Budget 2024: Short-term wins for middle-income families; long-term issues still to be faced
ALSO: What does the Budget predict for child poverty rates; and how much weight does "social investment" really have?
Summary: Some are claiming this Budget continues Labour’s addition to spending; others accuse it of being an austerity or slash-and-burn Budget. In fact it is neither. It’s a Budget that’s squarely focused on reducing costs for middle-income families with children, but doesn’t address longer term problems with low productivity and high levels of poverty.
The key points
IDEA’s deep-dive analysis of the Budget is below, but our top-line takeaways are as follows:
The economy is in reasonable shape short-term, but has major long-term challenges;
There are large headline increases in spending for education and health, in particular, although just maintaining existing services will chew up most or all of this funding;
Inflation is tipped to fall to 2.2% next year, and unemployment back under 5% the following year;
There is little to move the economy onto a more productive, higher-skilled track in the long-term;
The Budget firmly targeted the “squeezed middle”, with tax cuts worth around $30 a week for two million Kiwis, and childcare rebates benefiting a smaller group;
Many of these initiatives, however, excluded or did little for the very poorest New Zealanders – and as a result, child poverty is tipped to stagnate or worsen; and
The much-touted social investment approach gets a modest $51m start.

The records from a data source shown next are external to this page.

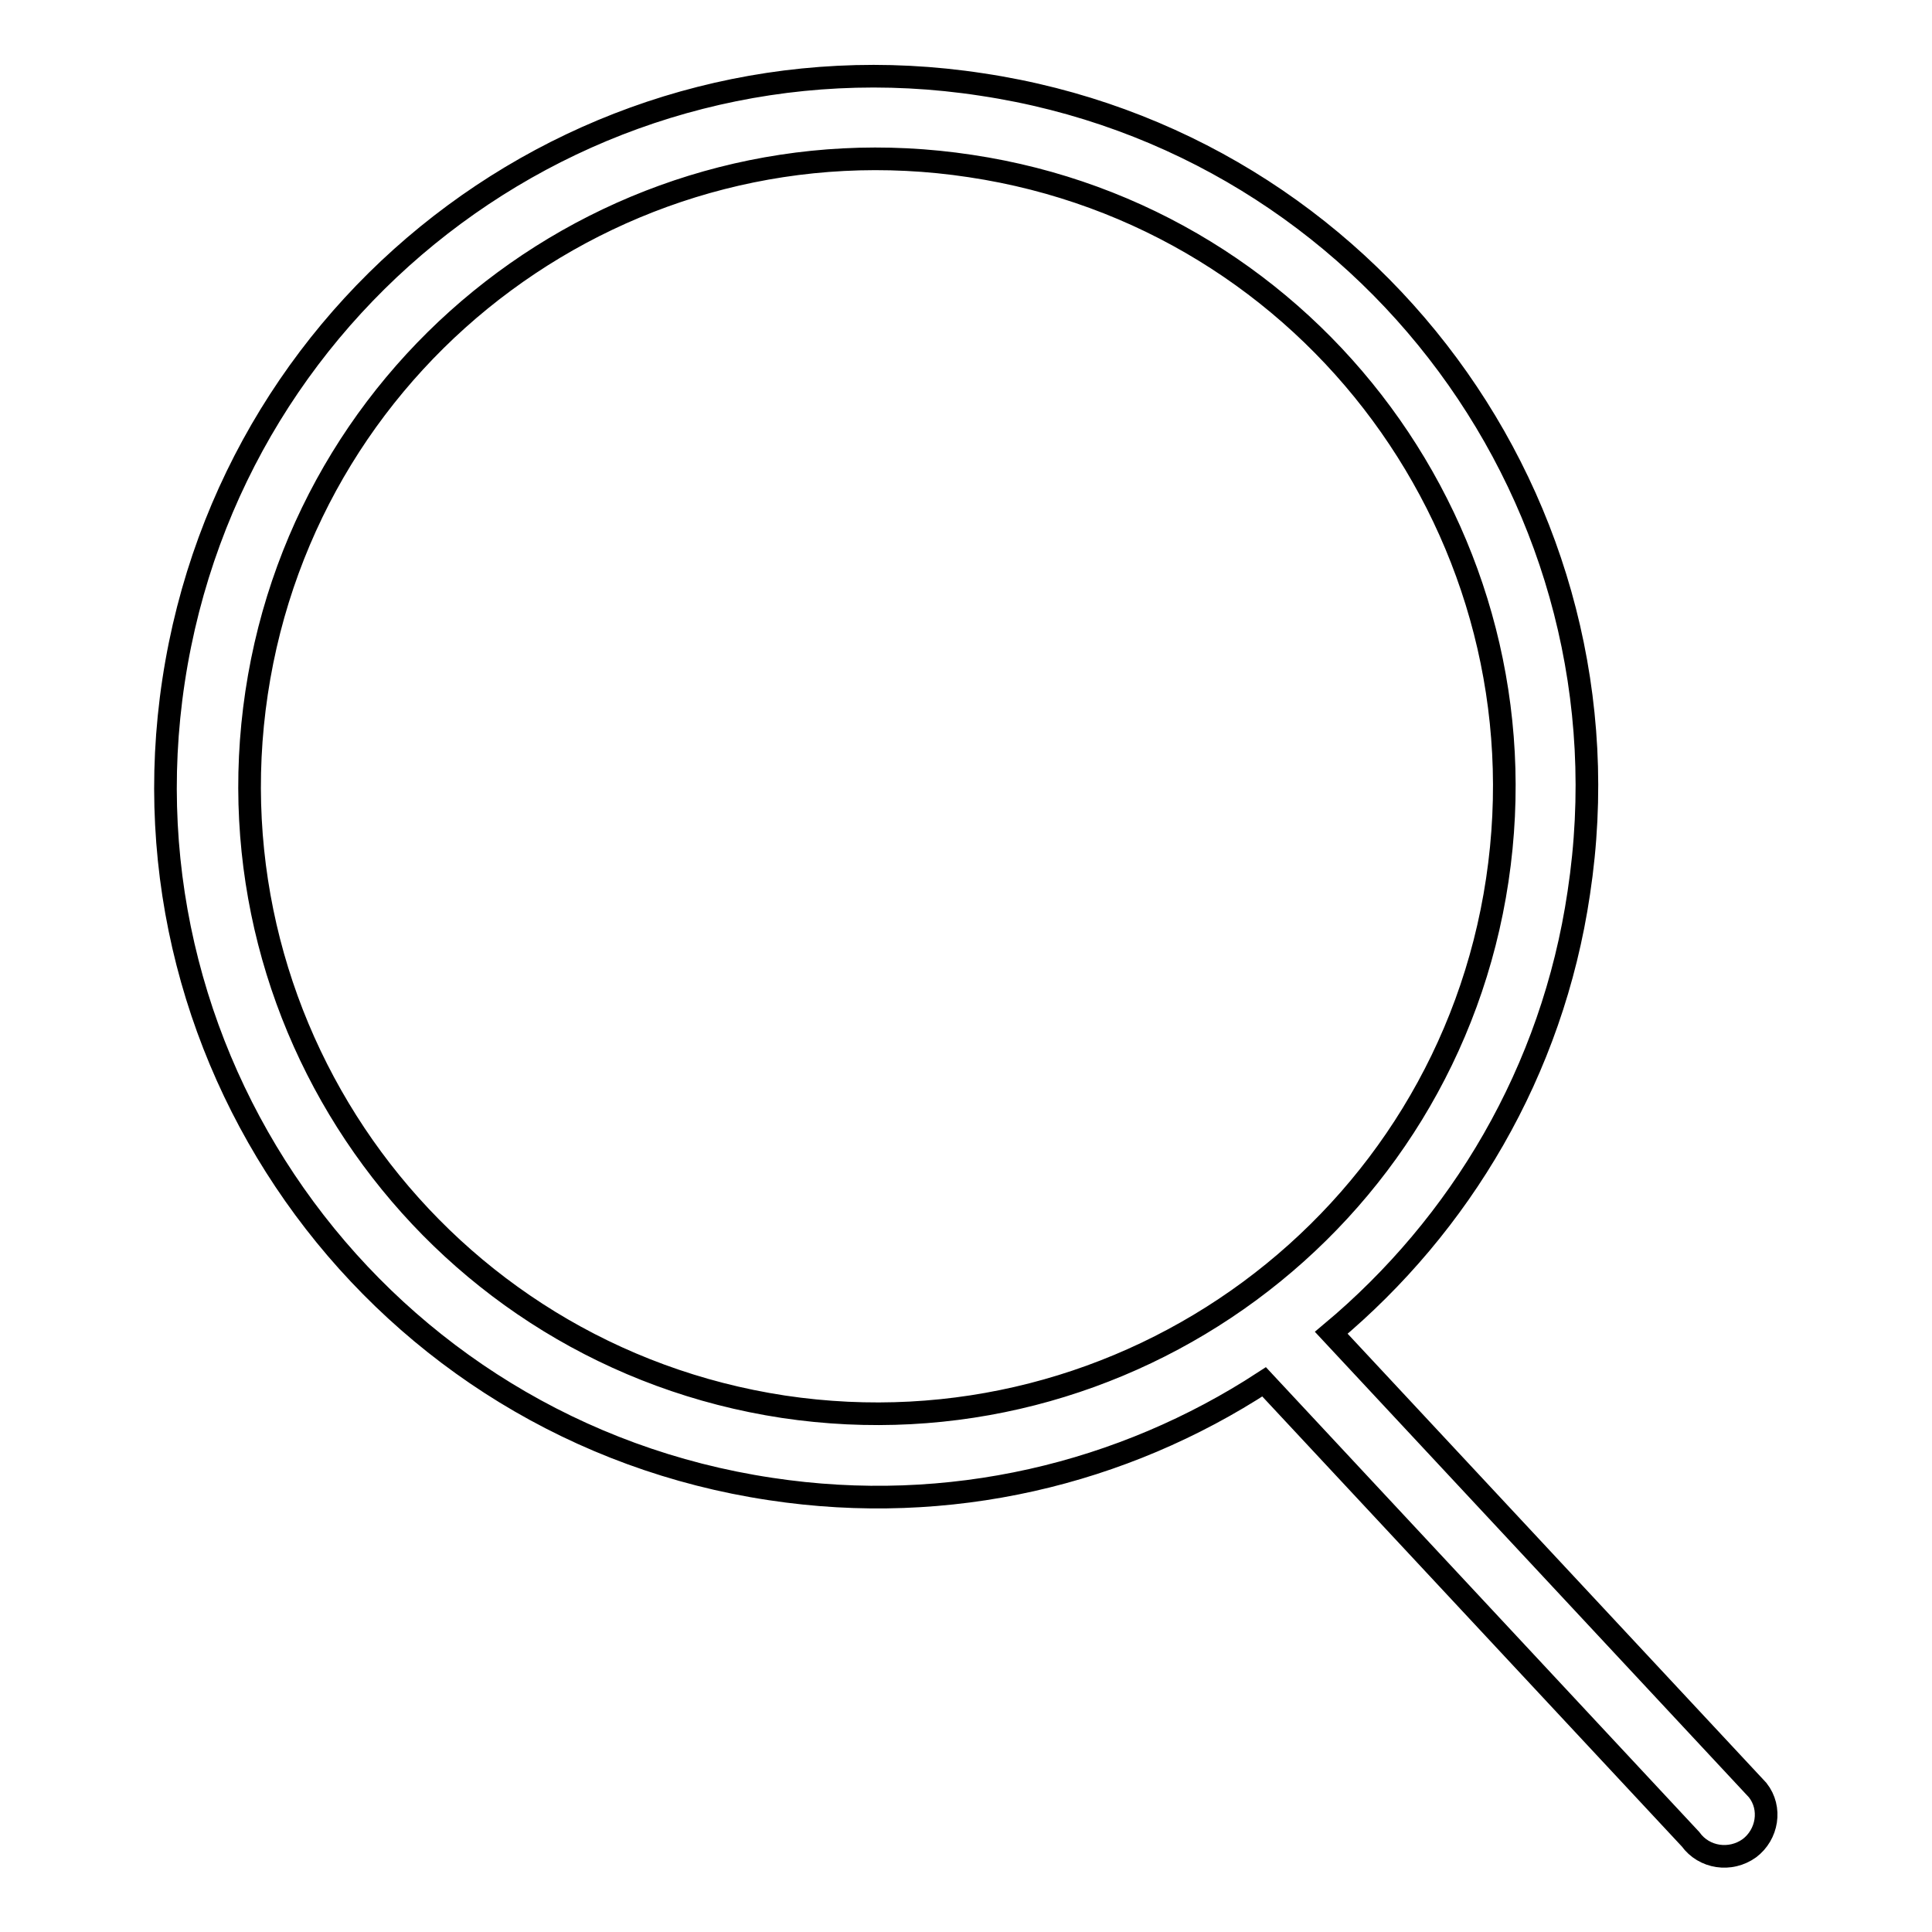 <?xml version="1.0" encoding="utf-8"?>
<!-- Svg Vector Icons : http://www.onlinewebfonts.com/icon -->
<!DOCTYPE svg PUBLIC "-//W3C//DTD SVG 1.1//EN" "http://www.w3.org/Graphics/SVG/1.1/DTD/svg11.dtd">
<svg version="1.1" xmlns="http://www.w3.org/2000/svg" xmlns:xlink="http://www.w3.org/1999/xlink" x="0px" y="0px" viewBox="0 0 256 256" enable-background="new 0 0 256 256" xml:space="preserve">
<g><g><path stroke-width="3" fill-opacity="0" stroke="#000000"  d="M232.9,237.2l-56.5-60.6c17.1-14.3,29.3-34.6,32.8-58.3c7.8-51.4-27.7-99.4-79.1-107.1C78.7,3.3,30.8,38.7,23,90.2c-7.8,51.4,27.7,99.4,79.1,107.1c23.7,3.6,46.7-2,65.4-14.2l56.5,60.6c1.8,2.5,5.3,3,7.8,1.2C234.2,243.1,234.8,239.6,232.9,237.2L232.9,237.2z M34,91.8c6.8-45.4,49.2-76.7,94.6-69.8c45.4,6.8,76.6,49.2,69.8,94.6c-6.8,45.4-49.2,76.6-94.6,69.8C58.4,179.5,27.2,137.2,34,91.8L34,91.8z"/></g></g>
</svg>

IDEA has suggested an alternative path that the government could, given its philosophical and pragmatic constraints, realistically follow. Again, more detail is provided below, but the key points are as follows:
a “bottom-up” government efficiency drive led by front-line staff;
using social investment to ramp up spending on effective programmes;
greater investment in retraining, upskilling and job placement schemes for beneficiaries;
in the long term, reverting to the previous policy of increasing benefits in line with wages rather than inflation; and
building tens of thousands of social houses through initiatives like “alliancing” arrangements with developers or greater use of off-site manufacturing.